- **Supplied records**
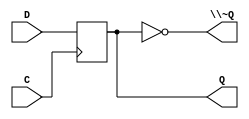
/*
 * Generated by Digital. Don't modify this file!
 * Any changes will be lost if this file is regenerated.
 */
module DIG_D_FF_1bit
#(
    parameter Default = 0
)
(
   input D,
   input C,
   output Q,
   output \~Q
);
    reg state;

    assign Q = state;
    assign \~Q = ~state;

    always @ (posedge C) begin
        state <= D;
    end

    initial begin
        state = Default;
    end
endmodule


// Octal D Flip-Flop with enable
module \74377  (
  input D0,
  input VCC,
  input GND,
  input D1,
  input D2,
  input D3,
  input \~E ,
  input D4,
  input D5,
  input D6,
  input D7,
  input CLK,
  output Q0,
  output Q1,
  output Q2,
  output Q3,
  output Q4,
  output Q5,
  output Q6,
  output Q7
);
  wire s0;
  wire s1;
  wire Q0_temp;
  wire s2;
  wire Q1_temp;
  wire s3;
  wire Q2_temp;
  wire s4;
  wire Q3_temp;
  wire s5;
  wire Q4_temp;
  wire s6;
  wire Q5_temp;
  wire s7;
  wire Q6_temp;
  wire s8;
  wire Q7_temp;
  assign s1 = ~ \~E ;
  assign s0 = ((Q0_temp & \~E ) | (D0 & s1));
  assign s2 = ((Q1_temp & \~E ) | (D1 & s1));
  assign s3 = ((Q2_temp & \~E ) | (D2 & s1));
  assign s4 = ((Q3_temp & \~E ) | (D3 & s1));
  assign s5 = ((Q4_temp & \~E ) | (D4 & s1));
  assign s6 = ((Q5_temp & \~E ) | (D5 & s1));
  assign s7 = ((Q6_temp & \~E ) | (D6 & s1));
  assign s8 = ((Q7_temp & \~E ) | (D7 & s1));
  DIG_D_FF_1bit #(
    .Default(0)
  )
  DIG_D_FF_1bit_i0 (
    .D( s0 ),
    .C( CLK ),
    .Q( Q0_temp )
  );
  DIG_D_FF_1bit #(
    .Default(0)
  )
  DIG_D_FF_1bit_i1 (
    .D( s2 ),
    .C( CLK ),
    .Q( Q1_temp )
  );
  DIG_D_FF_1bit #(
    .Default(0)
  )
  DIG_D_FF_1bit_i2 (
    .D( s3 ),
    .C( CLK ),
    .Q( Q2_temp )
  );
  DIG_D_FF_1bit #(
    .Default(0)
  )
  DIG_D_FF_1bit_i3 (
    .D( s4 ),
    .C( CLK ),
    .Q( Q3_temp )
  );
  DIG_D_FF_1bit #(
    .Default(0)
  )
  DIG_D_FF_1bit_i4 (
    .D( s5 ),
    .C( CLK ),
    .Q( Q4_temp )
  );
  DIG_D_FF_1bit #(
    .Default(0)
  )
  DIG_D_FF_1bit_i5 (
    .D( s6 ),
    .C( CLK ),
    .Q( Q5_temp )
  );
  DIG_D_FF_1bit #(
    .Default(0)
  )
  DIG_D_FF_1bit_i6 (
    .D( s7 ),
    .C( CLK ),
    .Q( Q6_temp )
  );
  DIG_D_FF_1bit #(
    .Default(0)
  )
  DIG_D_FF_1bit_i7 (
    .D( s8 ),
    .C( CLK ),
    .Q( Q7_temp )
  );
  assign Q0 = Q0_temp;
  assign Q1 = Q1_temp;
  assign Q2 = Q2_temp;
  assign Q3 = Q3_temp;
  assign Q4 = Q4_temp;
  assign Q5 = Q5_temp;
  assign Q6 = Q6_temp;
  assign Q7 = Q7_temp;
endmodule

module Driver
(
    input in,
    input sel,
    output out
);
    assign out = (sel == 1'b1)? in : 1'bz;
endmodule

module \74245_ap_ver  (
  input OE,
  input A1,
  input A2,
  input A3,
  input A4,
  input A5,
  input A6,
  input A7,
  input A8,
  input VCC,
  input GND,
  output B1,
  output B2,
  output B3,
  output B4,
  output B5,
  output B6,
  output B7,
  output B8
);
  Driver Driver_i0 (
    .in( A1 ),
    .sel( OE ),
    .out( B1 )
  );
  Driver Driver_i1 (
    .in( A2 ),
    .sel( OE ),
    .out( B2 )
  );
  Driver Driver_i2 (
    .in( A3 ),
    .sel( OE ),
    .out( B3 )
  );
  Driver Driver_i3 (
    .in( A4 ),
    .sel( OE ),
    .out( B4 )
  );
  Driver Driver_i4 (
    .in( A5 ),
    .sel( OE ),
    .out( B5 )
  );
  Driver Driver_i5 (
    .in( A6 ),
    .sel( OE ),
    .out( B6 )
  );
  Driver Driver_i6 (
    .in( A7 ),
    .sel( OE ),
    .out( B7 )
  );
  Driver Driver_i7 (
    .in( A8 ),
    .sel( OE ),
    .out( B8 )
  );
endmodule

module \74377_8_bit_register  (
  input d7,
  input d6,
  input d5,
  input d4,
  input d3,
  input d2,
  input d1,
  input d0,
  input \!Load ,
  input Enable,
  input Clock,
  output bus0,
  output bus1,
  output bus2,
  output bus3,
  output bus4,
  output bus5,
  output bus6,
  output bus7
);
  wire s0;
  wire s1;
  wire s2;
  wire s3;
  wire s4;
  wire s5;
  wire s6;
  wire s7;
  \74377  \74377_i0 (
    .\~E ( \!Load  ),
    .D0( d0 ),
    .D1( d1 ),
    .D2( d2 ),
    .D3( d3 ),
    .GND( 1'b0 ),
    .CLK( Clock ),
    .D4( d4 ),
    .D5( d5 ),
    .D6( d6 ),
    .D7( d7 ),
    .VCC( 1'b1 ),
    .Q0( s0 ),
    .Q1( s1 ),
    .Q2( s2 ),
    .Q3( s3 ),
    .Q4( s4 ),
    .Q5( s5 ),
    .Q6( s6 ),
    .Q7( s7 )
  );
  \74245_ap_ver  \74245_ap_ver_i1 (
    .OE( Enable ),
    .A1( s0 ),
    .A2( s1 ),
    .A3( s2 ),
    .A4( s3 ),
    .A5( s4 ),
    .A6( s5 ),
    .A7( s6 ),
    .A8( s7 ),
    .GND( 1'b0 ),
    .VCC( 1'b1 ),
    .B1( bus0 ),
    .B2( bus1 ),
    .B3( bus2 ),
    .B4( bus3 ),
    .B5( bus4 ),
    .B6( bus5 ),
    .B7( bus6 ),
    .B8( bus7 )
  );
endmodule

- **Prompt**
Pictures stay out. Print the data exactly, from its first line through the line containing "assign s7 = ((Q6_temp".

- **Solution to the problem**
/*
 * Generated by Digital. Don't modify this file!
 * Any changes will be lost if this file is regenerated.
 */
module DIG_D_FF_1bit
#(
    parameter Default = 0
)
(
   input D,
   input C,
   output Q,
   output \~Q
);
    reg state;

    assign Q = state;
    assign \~Q = ~state;

    always @ (posedge C) begin
        state <= D;
    end

    initial begin
        state = Default;
    end
endmodule


// Octal D Flip-Flop with enable
module \74377  (
  input D0,
  input VCC,
  input GND,
  input D1,
  input D2,
  input D3,
  input \~E ,
  input D4,
  input D5,
  input D6,
  input D7,
  input CLK,
  output Q0,
  output Q1,
  output Q2,
  output Q3,
  output Q4,
  output Q5,
  output Q6,
  output Q7
);
  wire s0;
  wire s1;
  wire Q0_temp;
  wire s2;
  wire Q1_temp;
  wire s3;
  wire Q2_temp;
  wire s4;
  wire Q3_temp;
  wire s5;
  wire Q4_temp;
  wire s6;
  wire Q5_temp;
  wire s7;
  wire Q6_temp;
  wire s8;
  wire Q7_temp;
  assign s1 = ~ \~E ;
  assign s0 = ((Q0_temp & \~E ) | (D0 & s1));
  assign s2 = ((Q1_temp & \~E ) | (D1 & s1));
  assign s3 = ((Q2_temp & \~E ) | (D2 & s1));
  assign s4 = ((Q3_temp & \~E ) | (D3 & s1));
  assign s5 = ((Q4_temp & \~E ) | (D4 & s1));
  assign s6 = ((Q5_temp & \~E ) | (D5 & s1));
  assign s7 = ((Q6_temp & \~E ) | (D6 & s1));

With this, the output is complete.